▶ WHAT YOU ARE ASKED TO DO:
What you write must match, character for character, the lines from the one with "Faces by surface type: plane 205, cylinder" down to the one with "Volume: 43951.5 mm3;" in the listing below, minus its pictures.

▶ INFORMATION SUPPLIED:
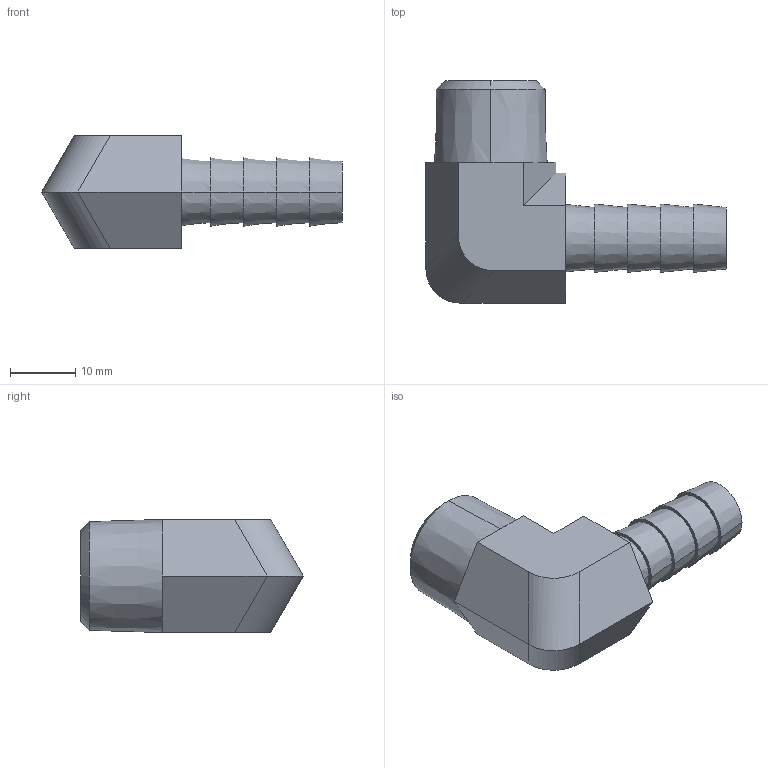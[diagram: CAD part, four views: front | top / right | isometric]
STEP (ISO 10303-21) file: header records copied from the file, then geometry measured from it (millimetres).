
FILE_DESCRIPTION (( 'STEP AP214' ), '1' );
FILE_NAME ('BAHBL-38-38N.step', '2017-08-29T20:40:19', ( '' ), ( '' ), 'SwSTEP 2.0', 'SolidWorks 2017', '' );
FILE_SCHEMA (( 'AUTOMOTIVE_DESIGN' ));
Length unit declared in the file: inch
Products named in the file (1): BAHBL-38-38N
Bounding box: 45.87 x 33.96 x 17.27 mm (x, y, z)
Volume: 7137.3 mm3; surface area: 4779.3 mm2
Topology: 1 solids, 1 shells, 56 faces, 121 edges, 75 vertices
Faces by surface type: plane 32, cone 14, cylinder 10
Entity records: 1719 total; most frequent: CARTESIAN_POINT 426, DIRECTION 278, ORIENTED_EDGE 242, EDGE_CURVE 121, AXIS2_PLACEMENT_3D 107, VERTEX_POINT 75, EDGE_LOOP 66, VECTOR 64
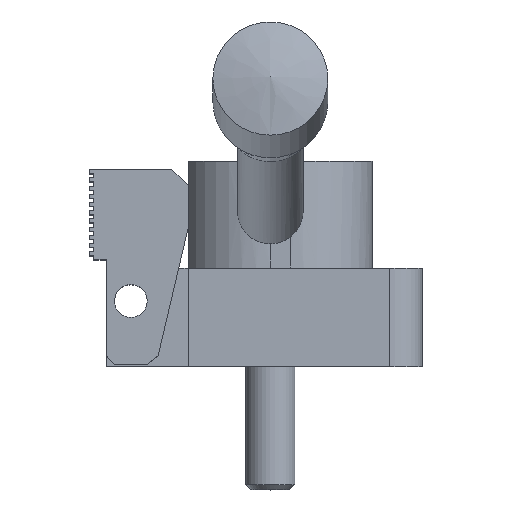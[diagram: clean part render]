
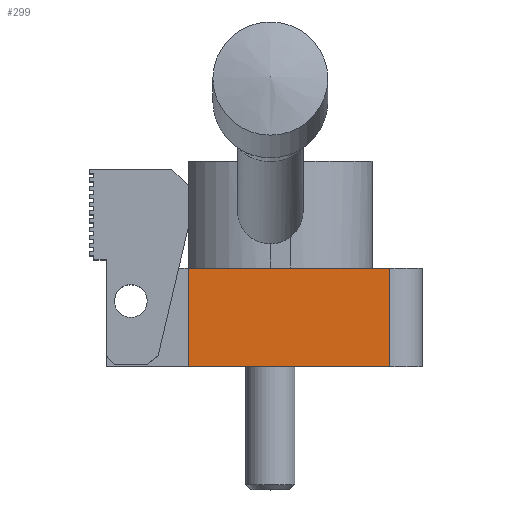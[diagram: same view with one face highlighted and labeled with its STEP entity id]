
A CAD part, top view. The second image highlights one B-rep face of the part: STEP entity #299.
In plain terms, the highlighted planar face has unit normal (0, 0, 1).
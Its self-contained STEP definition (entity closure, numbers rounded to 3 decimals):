
#299 = ADVANCED_FACE( '', ( #734 ), #735, .F. );
#734 = FACE_OUTER_BOUND( '', #1317, .T. );
#735 = PLANE( '', #1318 );
#1317 = EDGE_LOOP( '', ( #2210, #2211, #2212, #2213, #2214 ) );
#1318 = AXIS2_PLACEMENT_3D( '', #2215, #2216, #2217 );
#2210 = ORIENTED_EDGE( '', *, *, #3727, .T. );
#2211 = ORIENTED_EDGE( '', *, *, #3728, .F. );
#2212 = ORIENTED_EDGE( '', *, *, #3729, .F. );
#2213 = ORIENTED_EDGE( '', *, *, #3678, .F. );
#2214 = ORIENTED_EDGE( '', *, *, #3730, .T. );
#2215 = CARTESIAN_POINT( '', ( -10., 12., 12.5 ) );
#2216 = DIRECTION( '', ( 0., 0., -1. ) );
#2217 = DIRECTION( '', ( -1., 0., 0. ) );
#3678 = EDGE_CURVE( '', #4501, #4504, #4505, .T. );
#3727 = EDGE_CURVE( '', #4584, #4585, #4586, .T. );
#3728 = EDGE_CURVE( '', #4587, #4585, #4588, .T. );
#3729 = EDGE_CURVE( '', #4504, #4587, #4589, .T. );
#3730 = EDGE_CURVE( '', #4501, #4584, #4590, .T. );
#4501 = VERTEX_POINT( '', #5642 );
#4504 = VERTEX_POINT( '', #5646 );
#4505 = LINE( '', #5647, #5648 );
#4584 = VERTEX_POINT( '', #5753 );
#4585 = VERTEX_POINT( '', #5754 );
#4586 = LINE( '', #5755, #5756 );
#4587 = VERTEX_POINT( '', #5757 );
#4588 = LINE( '', #5758, #5759 );
#4589 = LINE( '', #5760, #5761 );
#4590 = LINE( '', #5762, #5763 );
#5642 = CARTESIAN_POINT( '', ( -10., 12., 12.5 ) );
#5646 = CARTESIAN_POINT( '', ( 11.565, 12., 12.5 ) );
#5647 = CARTESIAN_POINT( '', ( -10., 12., 12.5 ) );
#5648 = VECTOR( '', #6780, 1000. );
#5753 = CARTESIAN_POINT( '', ( -10., 0., 12.5 ) );
#5754 = CARTESIAN_POINT( '', ( 14.5, 0., 12.5 ) );
#5755 = CARTESIAN_POINT( '', ( -10., 0., 12.5 ) );
#5756 = VECTOR( '', #6840, 1000. );
#5757 = CARTESIAN_POINT( '', ( 14.5, 12., 12.5 ) );
#5758 = CARTESIAN_POINT( '', ( 14.5, 12., 12.5 ) );
#5759 = VECTOR( '', #6841, 1000. );
#5760 = CARTESIAN_POINT( '', ( -10., 12., 12.5 ) );
#5761 = VECTOR( '', #6842, 1000. );
#5762 = CARTESIAN_POINT( '', ( -10., 12., 12.5 ) );
#5763 = VECTOR( '', #6843, 1000. );
#6780 = DIRECTION( '', ( 1., 0., 0. ) );
#6840 = DIRECTION( '', ( 1., 0., 0. ) );
#6841 = DIRECTION( '', ( 0., -1., 0. ) );
#6842 = DIRECTION( '', ( 1., 0., 0. ) );
#6843 = DIRECTION( '', ( 0., -1., 0. ) );
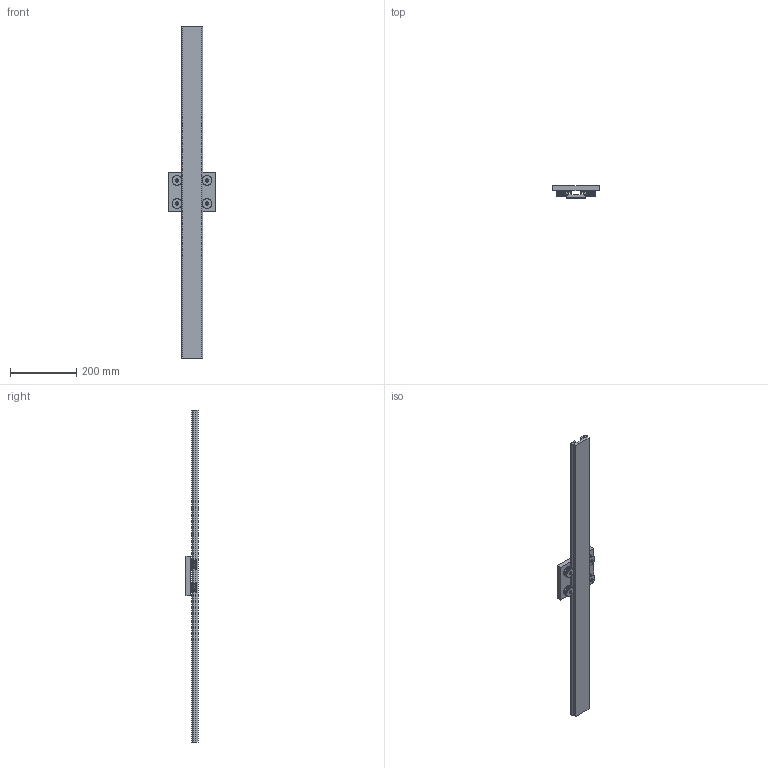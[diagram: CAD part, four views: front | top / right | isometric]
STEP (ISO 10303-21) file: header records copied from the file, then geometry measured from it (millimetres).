
FILE_DESCRIPTION(('STEP AP214'),'1');
FILE_NAME('ad208__l_1000.stp','2018-01-05T14:16:51',('TraceParts'),('TraceParts S.A.'),'Spatial InterOp 3D',' ',' ');
FILE_SCHEMA(('automotive_design'));
Length unit declared in the file: millimetre
Products named in the file (16): ad208__l_1000_1; ad208__l_1000_2; ad208__l_1000_3; ad208__l_1000_4; ad208__l_1000_5; ad208__l_1000_6; ad208__l_1000_7; ad208__l_1000_8; ad208__l_1000_9; ad208__l_1000_10; ad208__l_1000_11; ad208__l_1000_12; ad208__l_1000_13; ad208__l_1000_14; ad208__l_1000_15; ad208__l_1000_16
Bounding box: 140 x 37 x 1000 mm (x, y, z)
Volume: 1175687.4 mm3; surface area: 345779.8 mm2
Topology: 16 solids, 16 shells, 393 faces, 867 edges, 538 vertices
Faces by surface type: plane 205, cylinder 100, cone 72, torus 16
Entity records: 14230 total; most frequent: DIRECTION 1957, CARTESIAN_POINT 1910, ORIENTED_EDGE 1734, EDGE_CURVE 867, AXIS2_PLACEMENT_3D 729, VERTEX_POINT 538, LINE 499, VECTOR 499
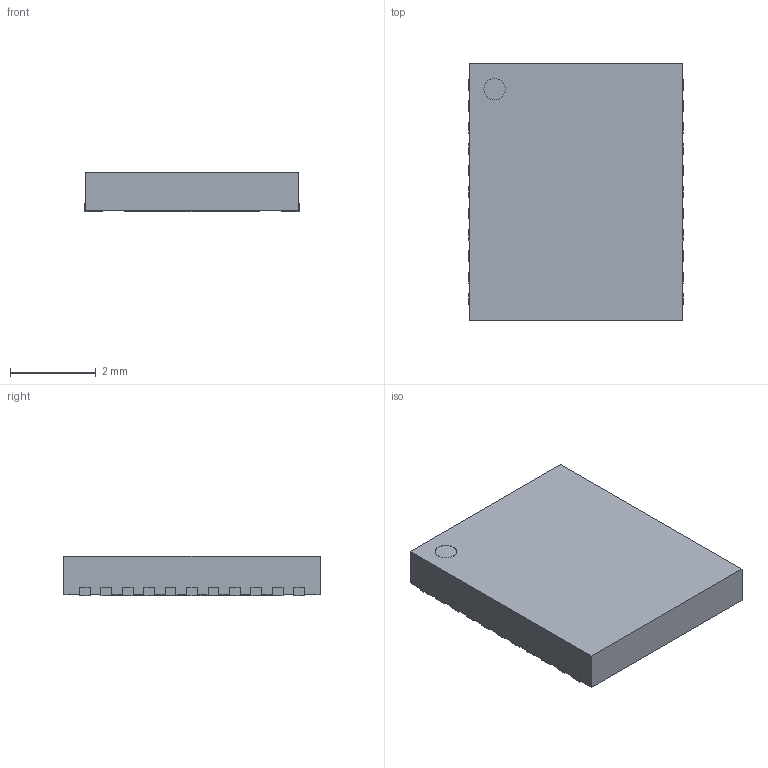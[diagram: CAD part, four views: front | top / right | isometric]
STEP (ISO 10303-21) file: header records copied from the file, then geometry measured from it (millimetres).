
FILE_DESCRIPTION(/* description */ ('model of DFN-22-1EP_5x6mm_Pitch0.5mm'),/* implementation_level */ '2;1');
FILE_NAME(/* name */ 'DFN-22-1EP_5x6mm_Pitch0.5mm.step',/* time_stamp */ '2017-03-23T11:14:02',/* author */ ('kicad StepUp','ksu'),/* organization */ ('FreeCAD'),/* preprocessor_version */ 'OCC',/* originating_system */ 'kicad StepUp',/* authorisation */ '');
FILE_SCHEMA(('AUTOMOTIVE_DESIGN_CC2 { 1 2 10303 214 -1 1 5 4 }'));
Length unit declared in the file: millimetre
Products named in the file (1): DFN-22-1EP_5x6mm_Pitch0.5mm
Bounding box: 5 x 5.98 x 0.92 mm (x, y, z)
Volume: 27.1 mm3; surface area: 80.3 mm2
Topology: 1 solids, 1 shells, 146 faces, 426 edges, 284 vertices
Faces by surface type: plane 123, cylinder 23
Full cylindrical faces by diameter (mm): 0.5 x1
Entity records: 3377 total; most frequent: ORIENTED_EDGE 802, CARTESIAN_POINT 465, EDGE_CURVE 426, LINE 358, VERTEX_POINT 284, AXIS2_PLACEMENT_3D 192, FACE_BOUND 148, EDGE_LOOP 148
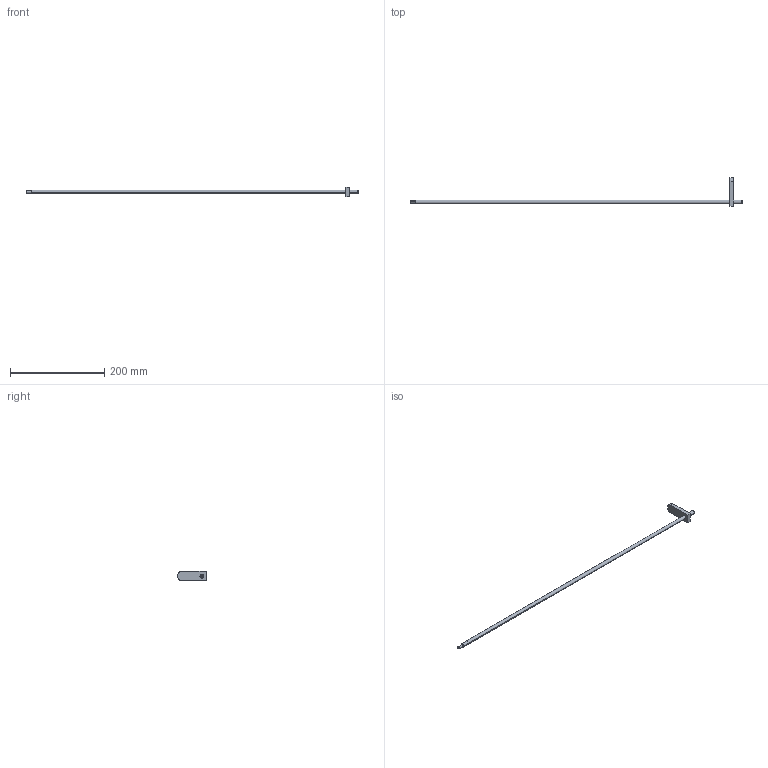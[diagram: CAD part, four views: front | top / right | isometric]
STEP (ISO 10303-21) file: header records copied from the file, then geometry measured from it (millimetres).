
FILE_DESCRIPTION (( 'STEP AP214' ), '1' );
FILE_NAME ('INGUN_110707.STEP', '2022-11-07T10:34:22', ( '' ), ( '' ), 'SwSTEP 2.0', 'SolidWorks 2021', '' );
FILE_SCHEMA (( 'AUTOMOTIVE_DESIGN' ));
Length unit declared in the file: millimetre
Products named in the file (5): DIN914~n_M04,0x05; INGUN_110707; 110705~2_S; 110706~0_S; DIN913~n_M05,0x20
Assembly tree (4 placements, depth 2):
  INGUN_110707
    110706~0_S
    DIN914~n_M04,0x05
    110705~2_S
    DIN913~n_M05,0x20
Bounding box: 704.5 x 60 x 20 mm (x, y, z)
Volume: 43951.5 mm3; surface area: 21839.7 mm2
Topology: 4 solids, 4 shells, 48 faces, 109 edges, 69 vertices
Faces by surface type: plane 26, cylinder 14, cone 8
Entity records: 1647 total; most frequent: CARTESIAN_POINT 287, DIRECTION 245, ORIENTED_EDGE 214, EDGE_CURVE 107, AXIS2_PLACEMENT_3D 87, VECTOR 71, LINE 71, VERTEX_POINT 69

▶ SOLUTION FOR THIS PROBLEM:
Faces by surface type: plane 205, cylinder 100, cone 72, torus 16
Entity records: 14230 total; most frequent: DIRECTION 1957, CARTESIAN_POINT 1910, ORIENTED_EDGE 1734, EDGE_CURVE 867, AXIS2_PLACEMENT_3D 729, VERTEX_POINT 538, LINE 499, VECTOR 499
[diagram: CAD part, four views: front | top / right | isometric]
STEP (ISO 10303-21) file: header records copied from the file, then geometry measured from it (millimetres).
FILE_DESCRIPTION(/* description */ ('model of DFN-22-1EP_5x6mm_Pitch0.5mm'),/* implementation_level */ '2;1');
FILE_NAME(/* name */ 'DFN-22-1EP_5x6mm_Pitch0.5mm.step',/* time_stamp */ '2017-03-23T11:14:02',/* author */ ('kicad StepUp','ksu'),/* organization */ ('FreeCAD'),/* preprocessor_version */ 'OCC',/* originating_system */ 'kicad StepUp',/* authorisation */ '');
FILE_SCHEMA(('AUTOMOTIVE_DESIGN_CC2 { 1 2 10303 214 -1 1 5 4 }'));
Length unit declared in the file: millimetre
Products named in the file (1): DFN-22-1EP_5x6mm_Pitch0.5mm
Bounding box: 5 x 5.98 x 0.92 mm (x, y, z)
Volume: 27.1 mm3; surface area: 80.3 mm2
Topology: 1 solids, 1 shells, 146 faces, 426 edges, 284 vertices
Faces by surface type: plane 123, cylinder 23
Full cylindrical faces by diameter (mm): 0.5 x1
Entity records: 3377 total; most frequent: ORIENTED_EDGE 802, CARTESIAN_POINT 465, EDGE_CURVE 426, LINE 358, VERTEX_POINT 284, AXIS2_PLACEMENT_3D 192, FACE_BOUND 148, EDGE_LOOP 148
[diagram: CAD part, four views: front | top / right | isometric]
STEP (ISO 10303-21) file: header records copied from the file, then geometry measured from it (millimetres).
FILE_DESCRIPTION (( 'STEP AP214' ), '1' );
FILE_NAME ('INGUN_110707.STEP', '2022-11-07T10:34:22', ( '' ), ( '' ), 'SwSTEP 2.0', 'SolidWorks 2021', '' );
FILE_SCHEMA (( 'AUTOMOTIVE_DESIGN' ));
Length unit declared in the file: millimetre
Products named in the file (5): DIN914~n_M04,0x05; INGUN_110707; 110705~2_S; 110706~0_S; DIN913~n_M05,0x20
Assembly tree (4 placements, depth 2):
  INGUN_110707
    110706~0_S
    DIN914~n_M04,0x05
    110705~2_S
    DIN913~n_M05,0x20
Bounding box: 704.5 x 60 x 20 mm (x, y, z)
Volume: 43951.5 mm3; surface area: 21839.7 mm2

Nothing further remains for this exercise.